As with any technology, it’s important to be aware of the potential challenges so that you can better assess if this type of system is right for your needs, as well as how to use it most effectively.
Best Practices For Utilizing LLMs
• Evaluate each use case. For agentic workflows in support, finance or ops, start by testing whether a smaller domain model (or routed mix of specialists) meets your accuracy target at lower cost and latency; then move to a large general model only where complexity demands it.
• Treat fine-tuning as a strategic investment. Use disciplined adaptations such as high‑quality proprietary examples, clear train/test splits, and eval‑driven iteration. This can help ensure that the system’s behavior is measured, repeatable and optimized for the workflow, not just “smarter” in general.

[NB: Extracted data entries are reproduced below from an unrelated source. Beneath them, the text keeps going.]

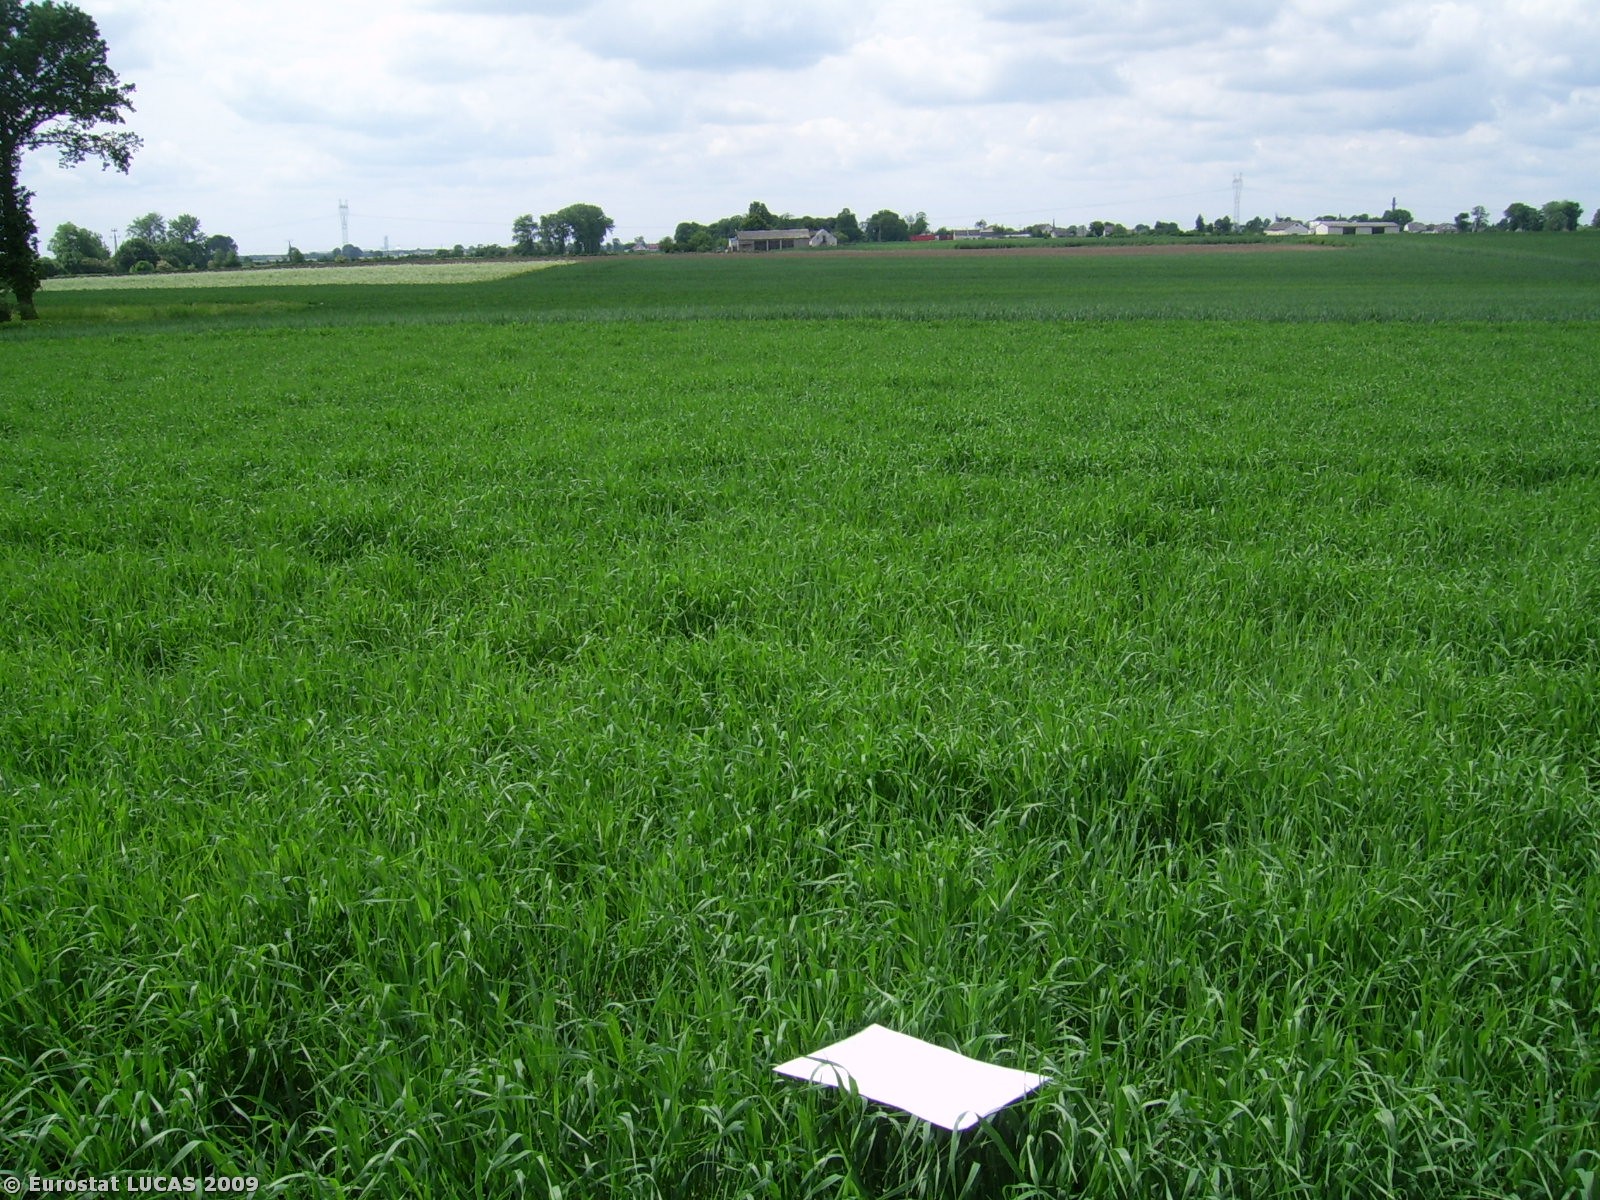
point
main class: Cropland
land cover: Barley
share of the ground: > 75 %
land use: Agriculture (excluding fallow land and kitchen gardens)
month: May
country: PL
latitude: 52.8546
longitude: 18.1695
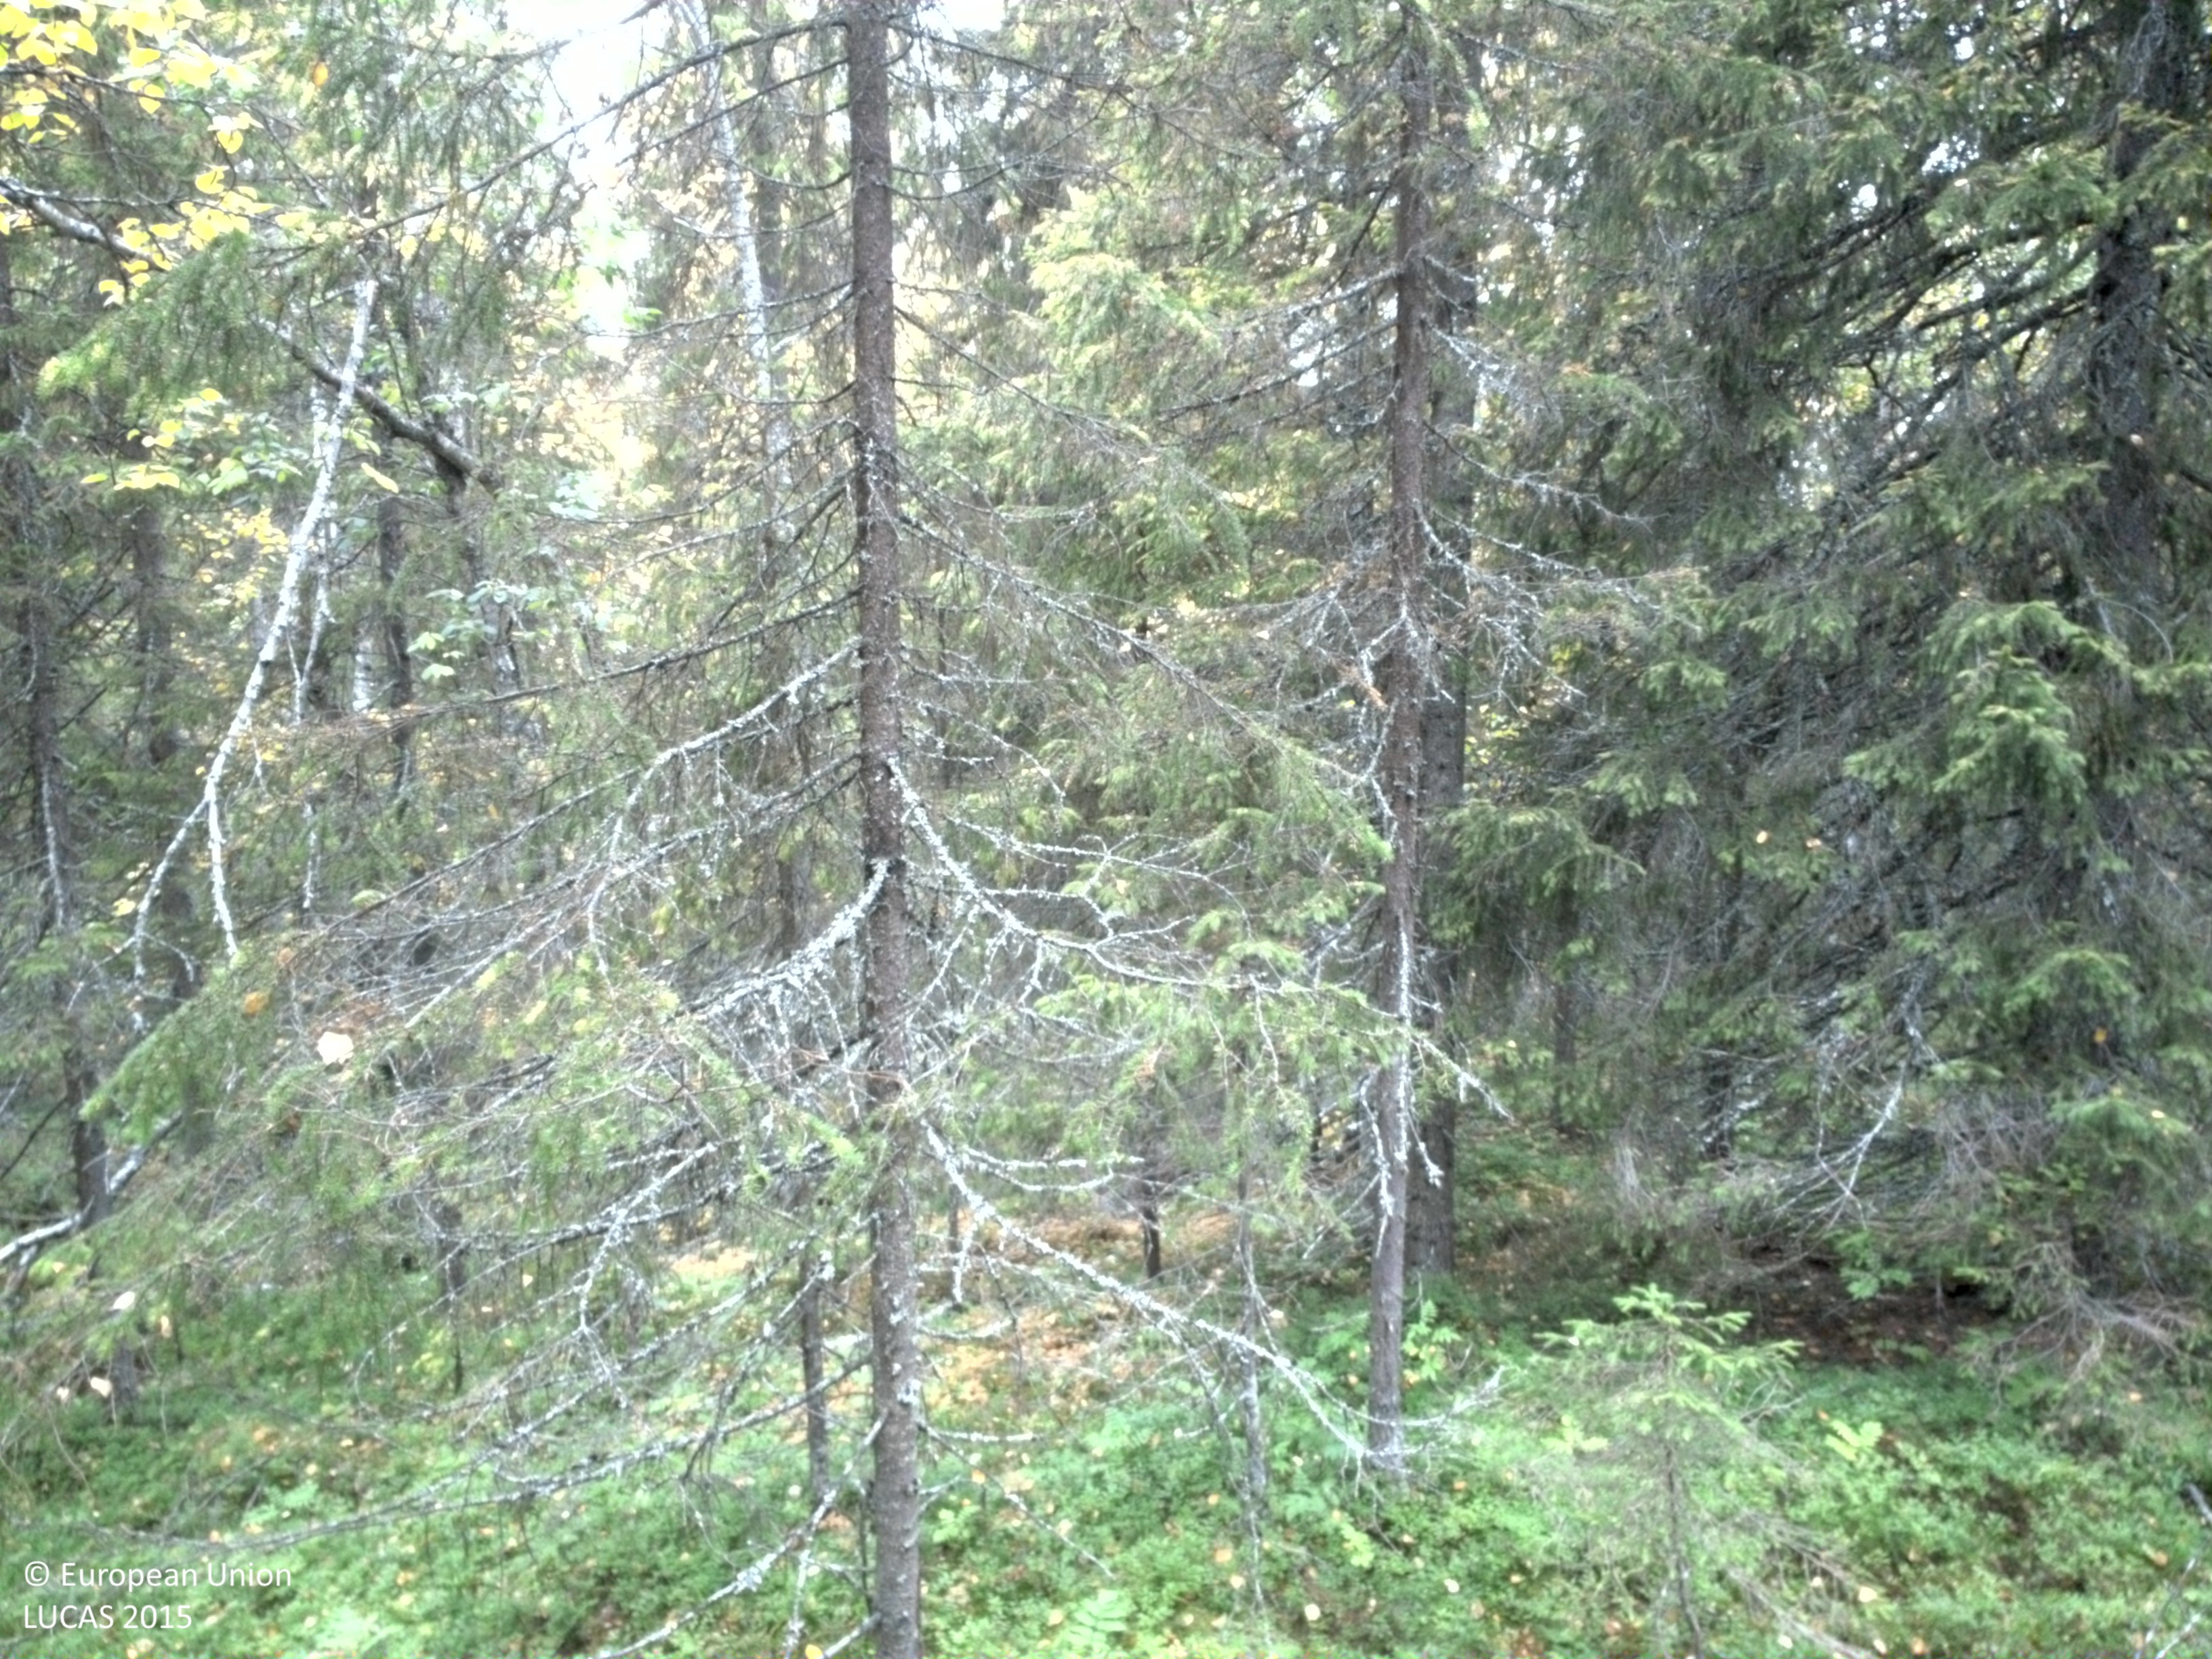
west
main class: Woodland
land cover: Spruce dominated mixed woodland
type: boreal forest
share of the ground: 25 - 50 %
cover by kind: shrubs 40 %, coniferous forest trees 25 %, lichens and mosses 15 %, broadleaved forest trees 10 %, herbaceous plants 10 %
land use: Forestry
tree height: > 5 m
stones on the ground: 10 - 25 %
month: September
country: SE
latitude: 65.1589
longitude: 16.8111

• Design for flexibility and control from day one. Avoid architectures that lock critical workflows into a single vendor’s platform. Build agentic systems that can switch models, operate in private or on-premise environments, and preserve long-term operational independence.
• Measure what matters. Model accuracy is necessary but insufficient. Track cost per action, response time under peak load, error rates in live workflows, and the completeness of audit trails; in my experience, these are the metrics that determine whether or not an agent can be trusted at scale.
Conclusion
I believe the shift toward narrow, task-optimized LLMs is not a reaction against scale or capability, but rather a maturation of how enterprises deploy AI in production. Just as general-purpose models opened the era of practical AI, narrow, orchestrated models could define the economics and security of autonomous AI systems going forward.